It is a simple code that:
i. gets a matrix from matlab
ii. converts from the matlab ordering to magmaDoubleComplex
iii. transfers the data to the GPU
iv. calls Magma to find the inverse
v. transfers the data back to the Host
vi converts from magmaDoubleComplex to matlab ordering.
I have posted it below. The code runs fine if the calls to magma_zgetrf and magma_zgetri are commented out.
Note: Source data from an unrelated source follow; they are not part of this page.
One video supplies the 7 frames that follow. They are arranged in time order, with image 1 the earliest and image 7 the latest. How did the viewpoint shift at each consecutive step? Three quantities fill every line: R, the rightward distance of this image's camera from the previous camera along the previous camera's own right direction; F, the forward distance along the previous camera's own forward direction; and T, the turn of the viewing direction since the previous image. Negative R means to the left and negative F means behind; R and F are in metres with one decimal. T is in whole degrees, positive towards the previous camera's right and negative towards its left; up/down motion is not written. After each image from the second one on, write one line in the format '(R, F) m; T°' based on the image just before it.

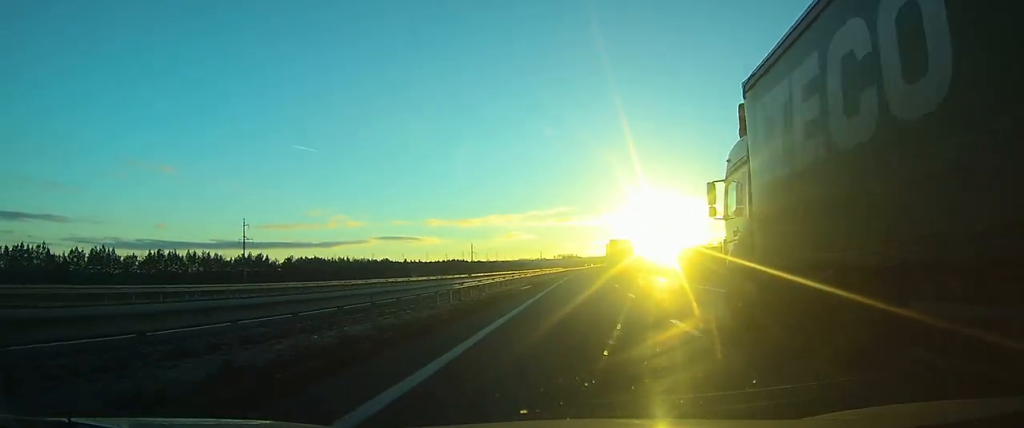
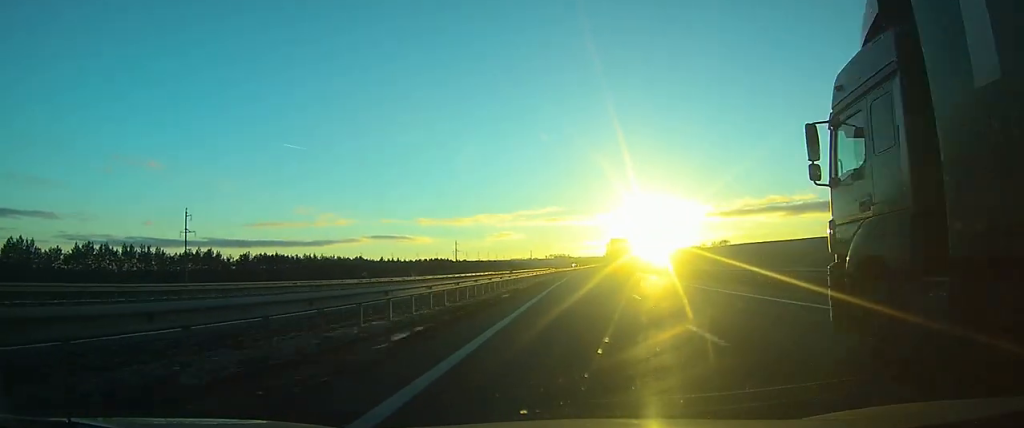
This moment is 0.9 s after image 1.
(+0.2, +24.1) m; +1°
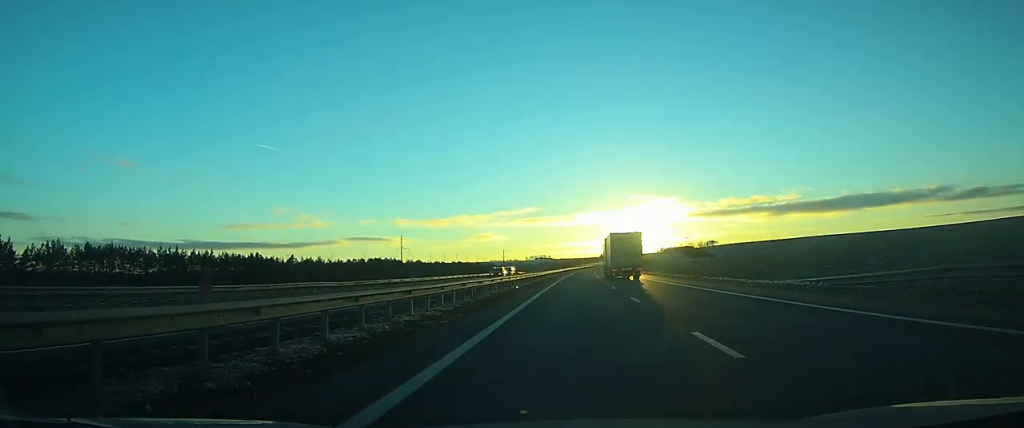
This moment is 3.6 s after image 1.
(+0.8, +73.8) m; +1°
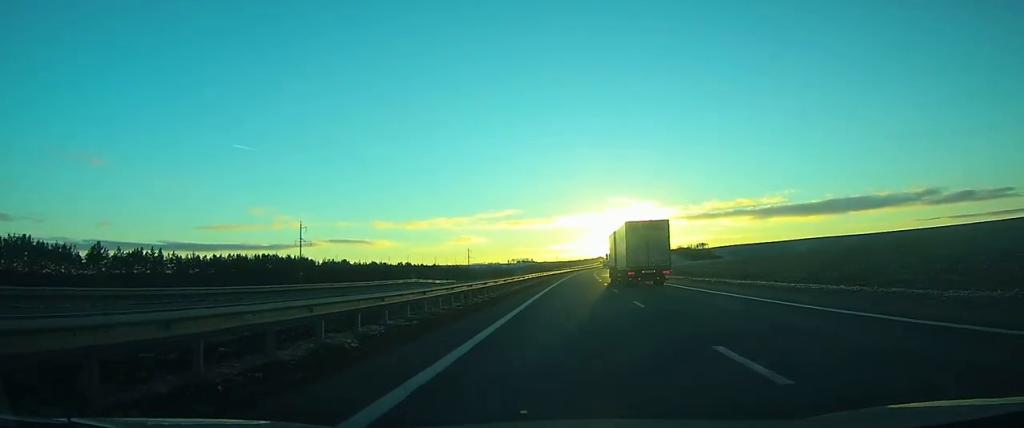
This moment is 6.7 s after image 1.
(+1.5, +87.4) m; +2°
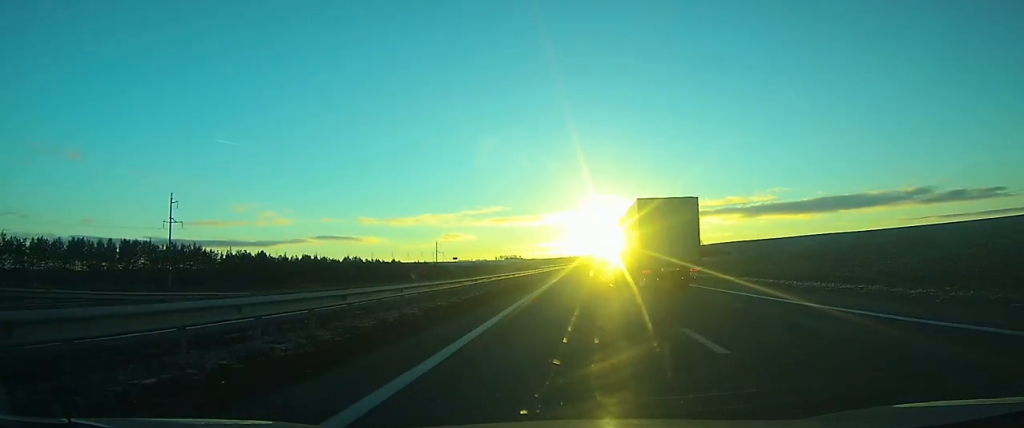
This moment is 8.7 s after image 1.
(+0.6, +56.4) m; +1°
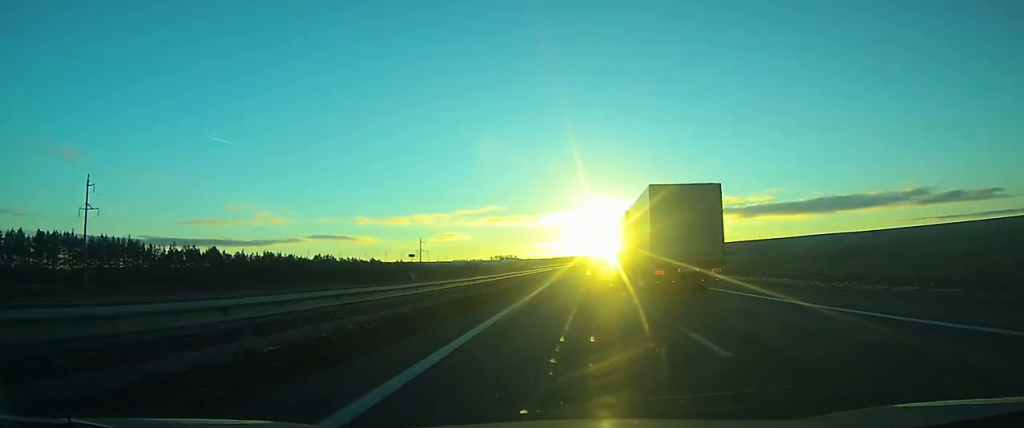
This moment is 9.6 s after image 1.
(-0.1, +23.1) m; 0°
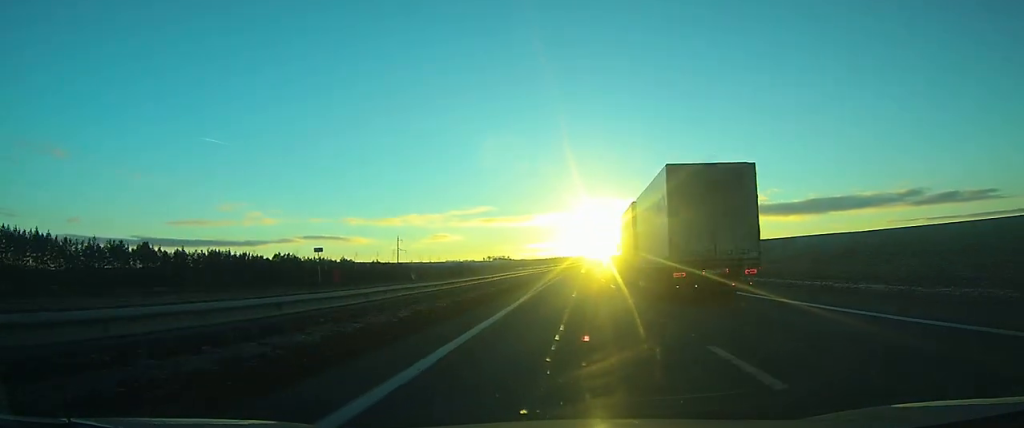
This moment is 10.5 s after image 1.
(+0.2, +24.7) m; 0°
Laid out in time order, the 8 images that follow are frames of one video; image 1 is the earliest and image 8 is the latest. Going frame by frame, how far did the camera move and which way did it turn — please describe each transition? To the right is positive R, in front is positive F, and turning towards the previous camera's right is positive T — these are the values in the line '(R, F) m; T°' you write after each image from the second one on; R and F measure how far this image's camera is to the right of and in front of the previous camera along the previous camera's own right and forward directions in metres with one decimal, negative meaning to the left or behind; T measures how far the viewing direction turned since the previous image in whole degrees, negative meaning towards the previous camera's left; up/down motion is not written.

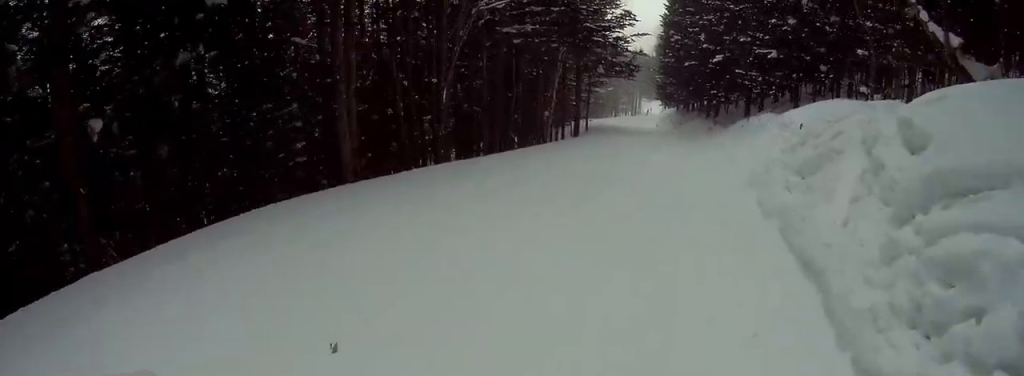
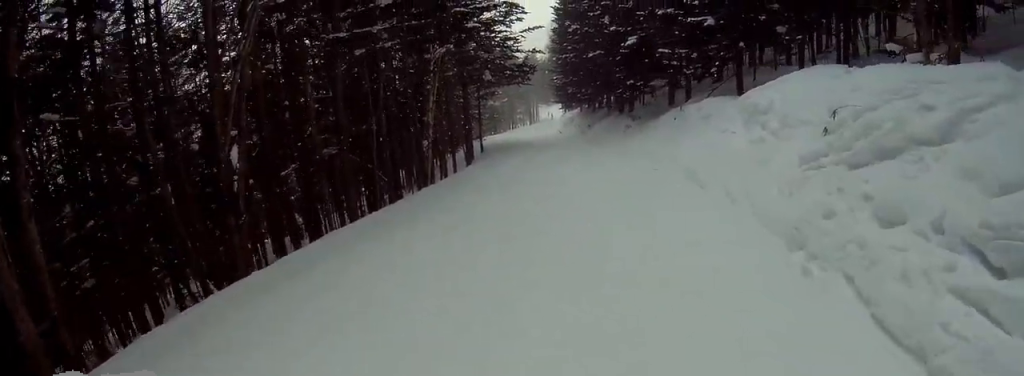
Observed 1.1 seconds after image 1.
(+0.1, +5.7) m; +2°
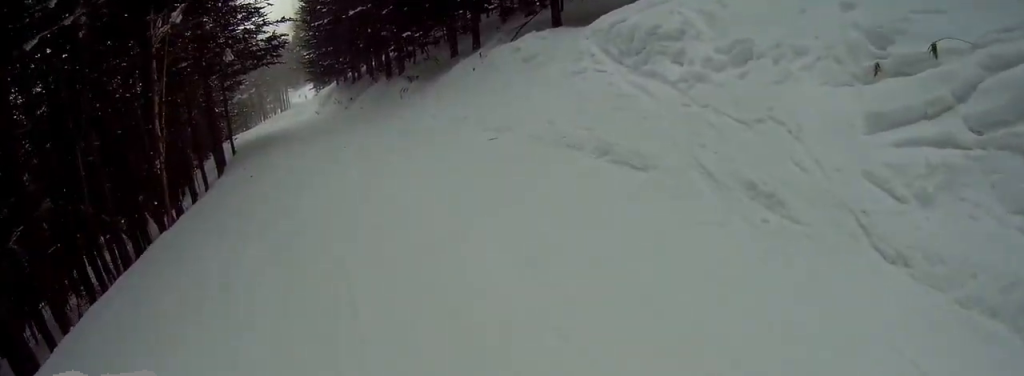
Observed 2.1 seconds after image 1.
(+0.1, +4.6) m; 0°
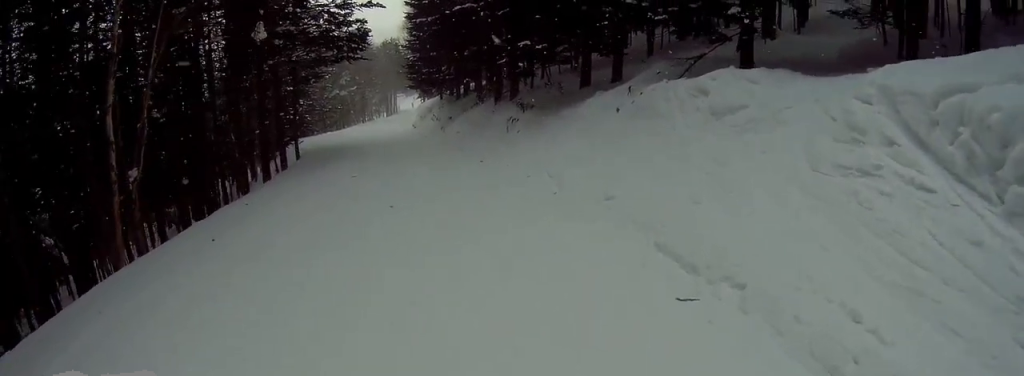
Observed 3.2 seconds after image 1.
(-0.1, +5.5) m; -1°
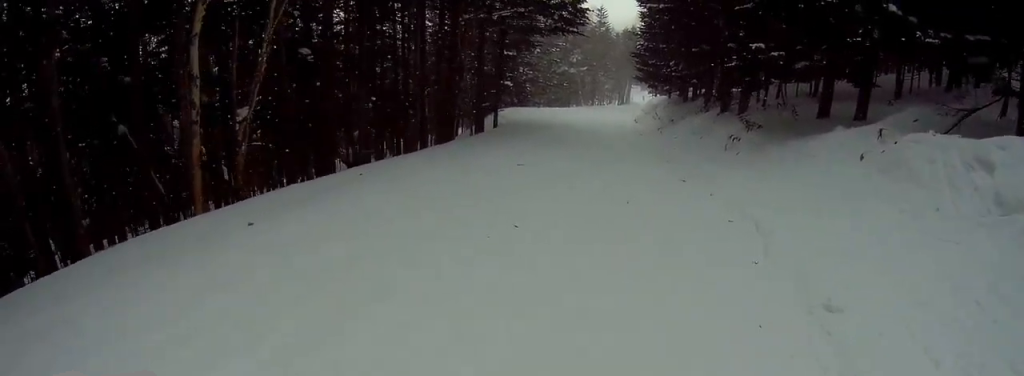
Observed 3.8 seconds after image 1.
(0.0, +2.8) m; -6°
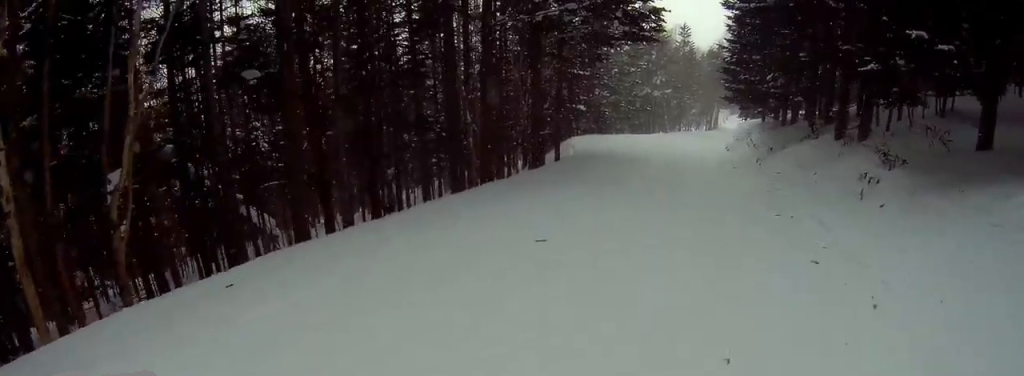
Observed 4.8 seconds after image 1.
(-0.3, +4.7) m; -19°
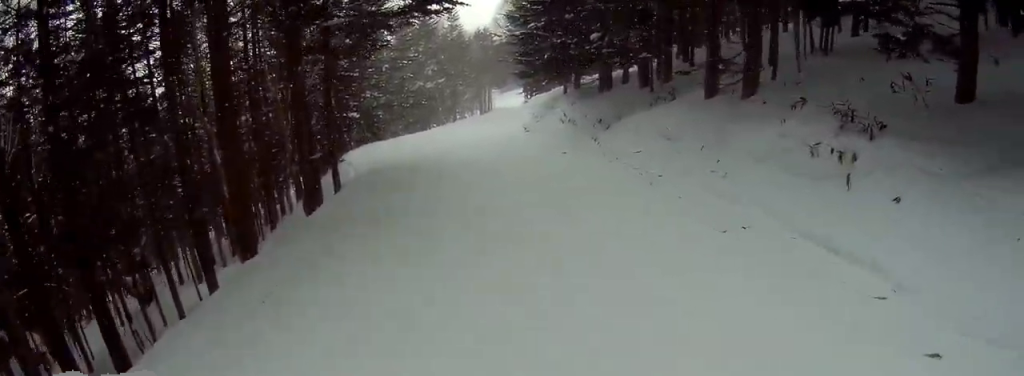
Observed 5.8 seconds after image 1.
(-1.2, +4.5) m; -3°
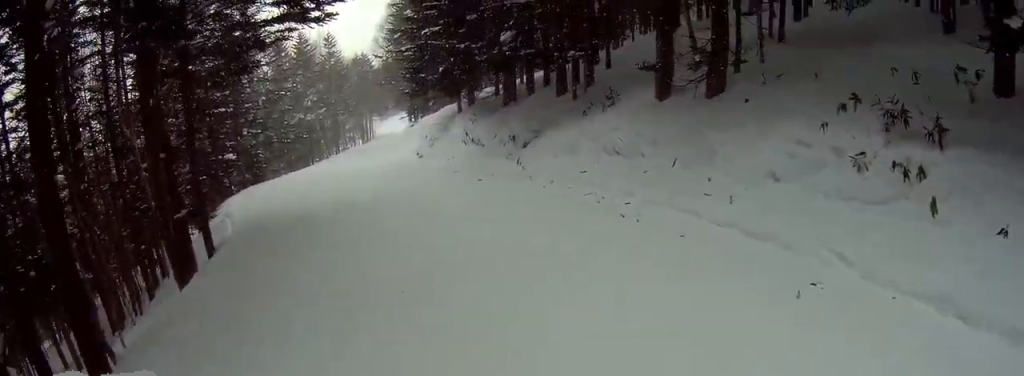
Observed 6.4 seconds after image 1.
(+0.5, +2.5) m; +12°
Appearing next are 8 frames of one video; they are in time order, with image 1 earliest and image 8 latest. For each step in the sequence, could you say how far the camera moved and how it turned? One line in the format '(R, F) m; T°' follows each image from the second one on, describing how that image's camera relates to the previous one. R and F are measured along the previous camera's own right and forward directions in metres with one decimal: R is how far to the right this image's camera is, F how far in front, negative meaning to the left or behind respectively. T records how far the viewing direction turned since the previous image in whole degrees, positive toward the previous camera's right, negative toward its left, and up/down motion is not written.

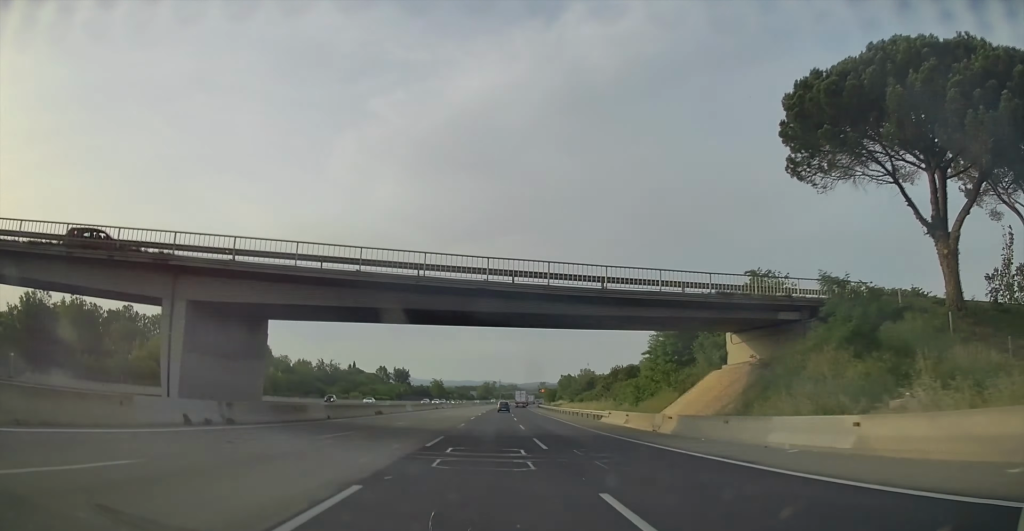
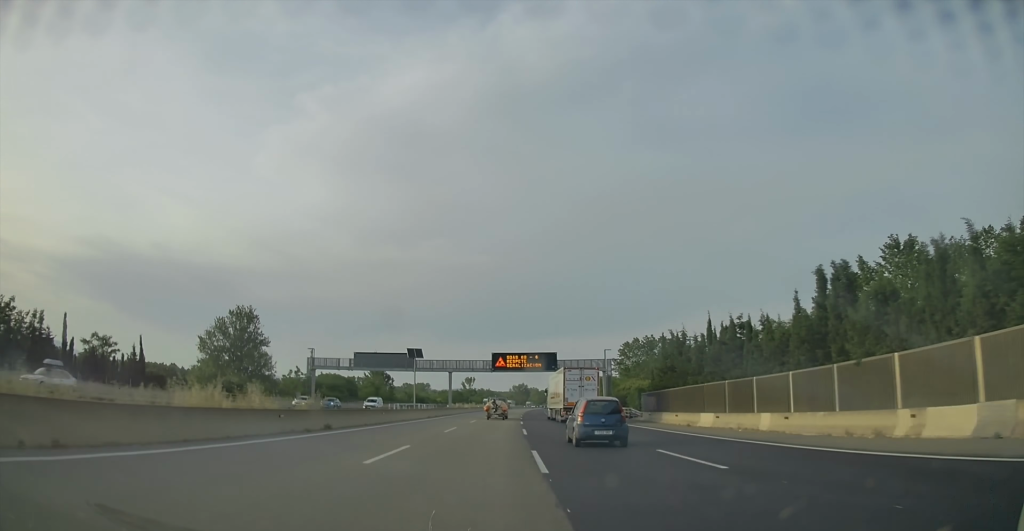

This shows that the matrix is successfully being transfer to and from the GPU. But when I uncomment those lines the whole thing crashes.
To test the code I compiled with: mex CC=gcc CFLAGS="\$CFLAGS -DADD_" LDFLAGS="-lmagma -lcudart -lcublas" magmaZinv.c
Then from matlab, I ran:
a=rand(3)+rand(3)*1i;
magmaZinv(a)
Code: Select all
#include <mex.h>
#include <stdlib.h>
#include <stdio.h>
#include <string.h>
#include <math.h>
#include <stddef.h>
#include <magma_v2.h>
#include "magma_lapack.h"
#include <cuda_runtime.h>
void mat2magma(magmaDoubleComplex* p, double* pr, double* pi,int numElements)
{
int j=0;
for(j=0;j<numElements;j++){
p[j].x=pr[j];
p[j].y=pi[j];
}
}
void magma2mat(magmaDoubleComplex* p, double* pr, double* pi,int numElements)
{
int j=0;
for(j=0;j<numElements;j++){
pr[j]= p[j].x;
pi[j]= p[j].y;
}
}
/*gateway function*/
void mexFunction( int nlhs, mxArray *plhs[],
int nrhs, const mxArray *prhs[]) {
/*initialize magma*/
magma_init();
magma_queue_t queue = NULL;
magma_device_t dev;
magma_getdevice(&dev);
magma_queue_create(dev,&queue );
magma_int_t m,ldwork,info;
magma_int_t *piv;
magmaDoubleComplex *a,*da,*dwork;
/* Matlab -> Host */
m=mxGetM(prhs[0]);
piv=(magma_int_t*) malloc(m*sizeof(magma_int_t));
magma_zmalloc_cpu(&a,m*m);
mat2magma(a,mxGetPr(prhs[0]),mxGetPi(prhs[0]),m*m);
ldwork = m*magma_get_zgetri_nb(m);
/* Host -> GPU */
magma_zmalloc(&dwork,ldwork);
magma_zmalloc(&da,m*m);
magma_zsetmatrix(m,m,a,m,da,m,queue);
/*LU and Inverse */
magma_zgetrf_gpu(m,m,da,m,piv,&info);
magma_zgetri_gpu(m,da,m,piv,dwork,ldwork,&info);
/*GPU -> Host */
magma_zgetmatrix(m,m,da,m,a,m,queue);
/*Host -> Matlab*/
plhs[0] = mxCreateDoubleMatrix(m,m,mxCOMPLEX);
magma2mat(a,mxGetPr(plhs[0]),mxGetPi(plhs[0]),m*m);
free(a);
free(piv);
magma_free(dwork);
magma_free(da);
magma_queue_destroy(queue);
magma_finalize();
}